## Data under study
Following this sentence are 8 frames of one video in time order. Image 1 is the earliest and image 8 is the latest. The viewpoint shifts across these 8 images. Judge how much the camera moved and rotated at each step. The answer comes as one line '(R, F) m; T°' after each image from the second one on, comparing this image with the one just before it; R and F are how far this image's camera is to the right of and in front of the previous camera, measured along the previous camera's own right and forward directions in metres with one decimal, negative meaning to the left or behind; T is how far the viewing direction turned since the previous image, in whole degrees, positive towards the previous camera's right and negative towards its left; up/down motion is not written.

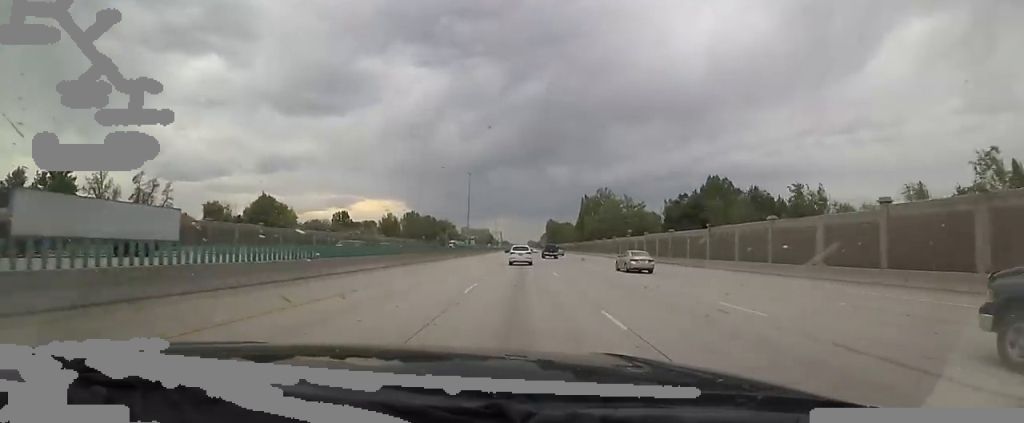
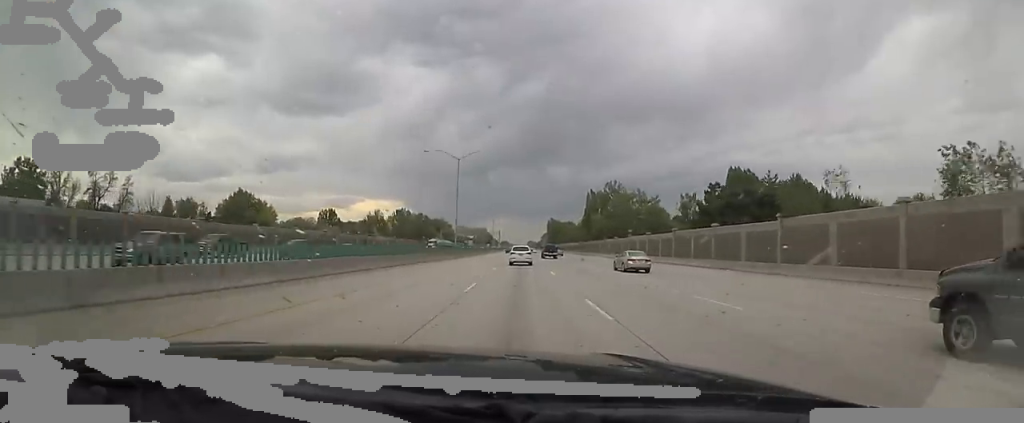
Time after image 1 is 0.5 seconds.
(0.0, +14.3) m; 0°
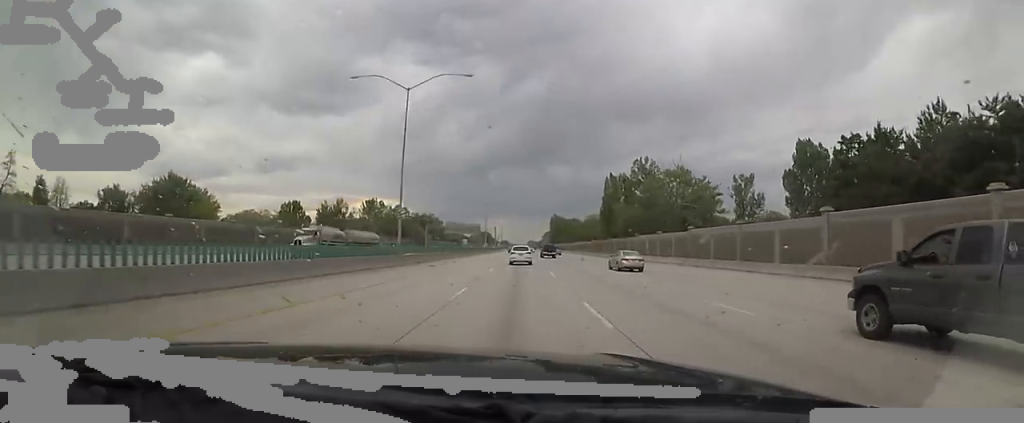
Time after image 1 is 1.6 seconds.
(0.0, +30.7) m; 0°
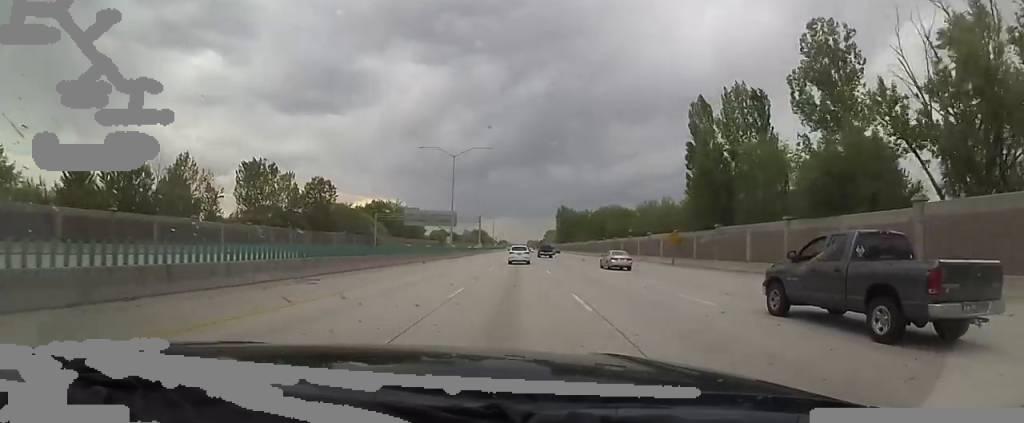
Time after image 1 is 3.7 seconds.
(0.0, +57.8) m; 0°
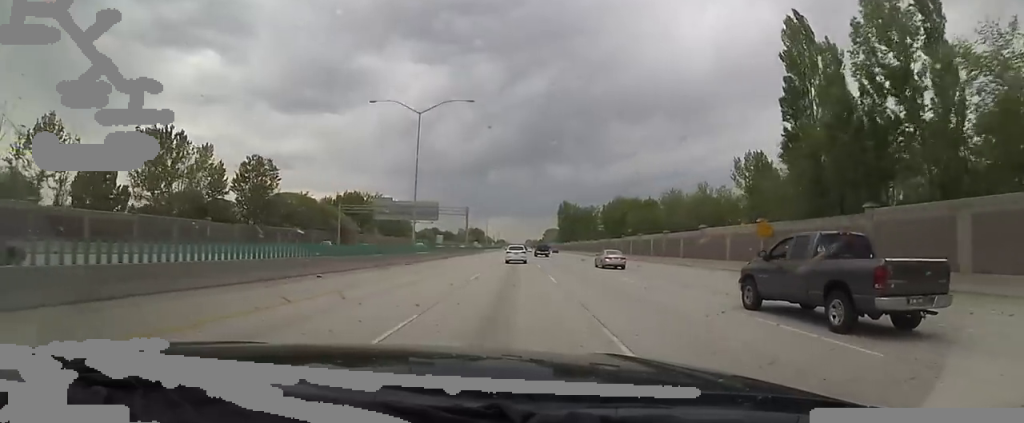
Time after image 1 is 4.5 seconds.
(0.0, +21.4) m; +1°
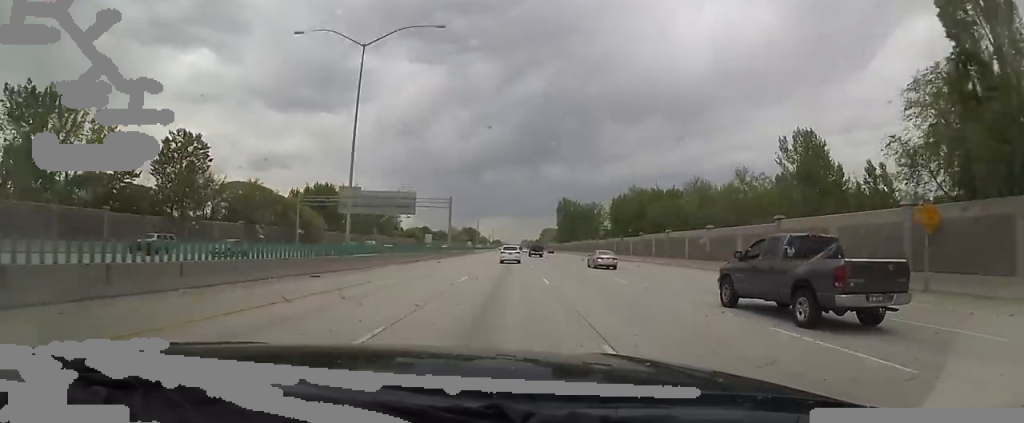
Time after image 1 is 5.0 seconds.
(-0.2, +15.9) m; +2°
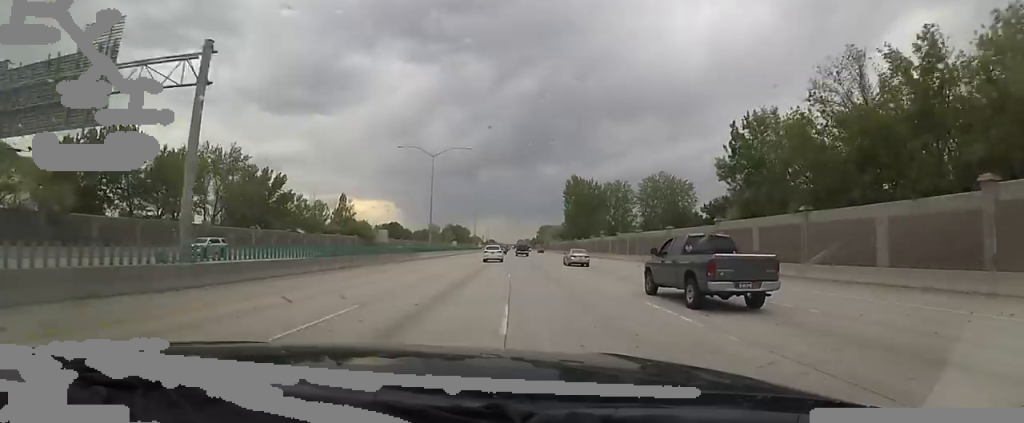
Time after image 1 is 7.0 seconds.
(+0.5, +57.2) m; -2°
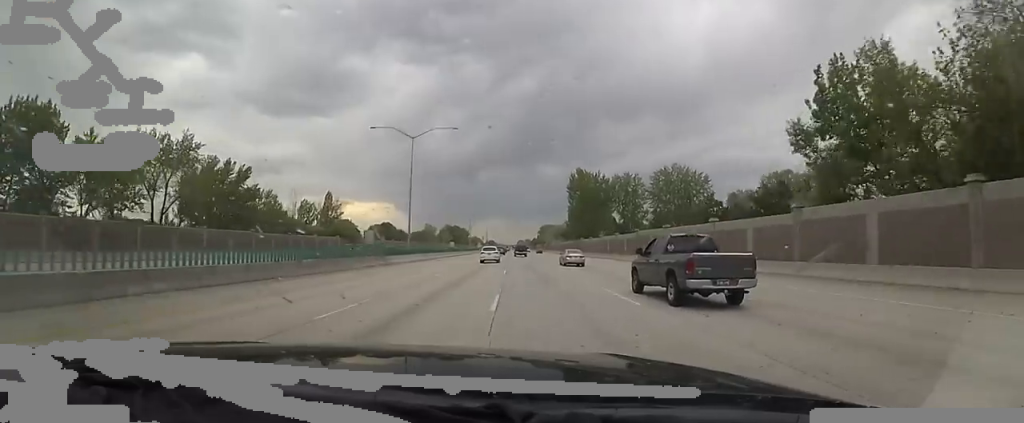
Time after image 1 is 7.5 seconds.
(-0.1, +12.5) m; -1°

## Description of the task
Each line from the one that contains "Time after image 1 is 7.0 seconds." to the end of the listing must be quoted exactly; no other line and no picture belongs in the copy.

## Response area
Time after image 1 is 7.0 seconds.
(+0.5, +57.2) m; -2°
Time after image 1 is 7.5 seconds.
(-0.1, +12.5) m; -1°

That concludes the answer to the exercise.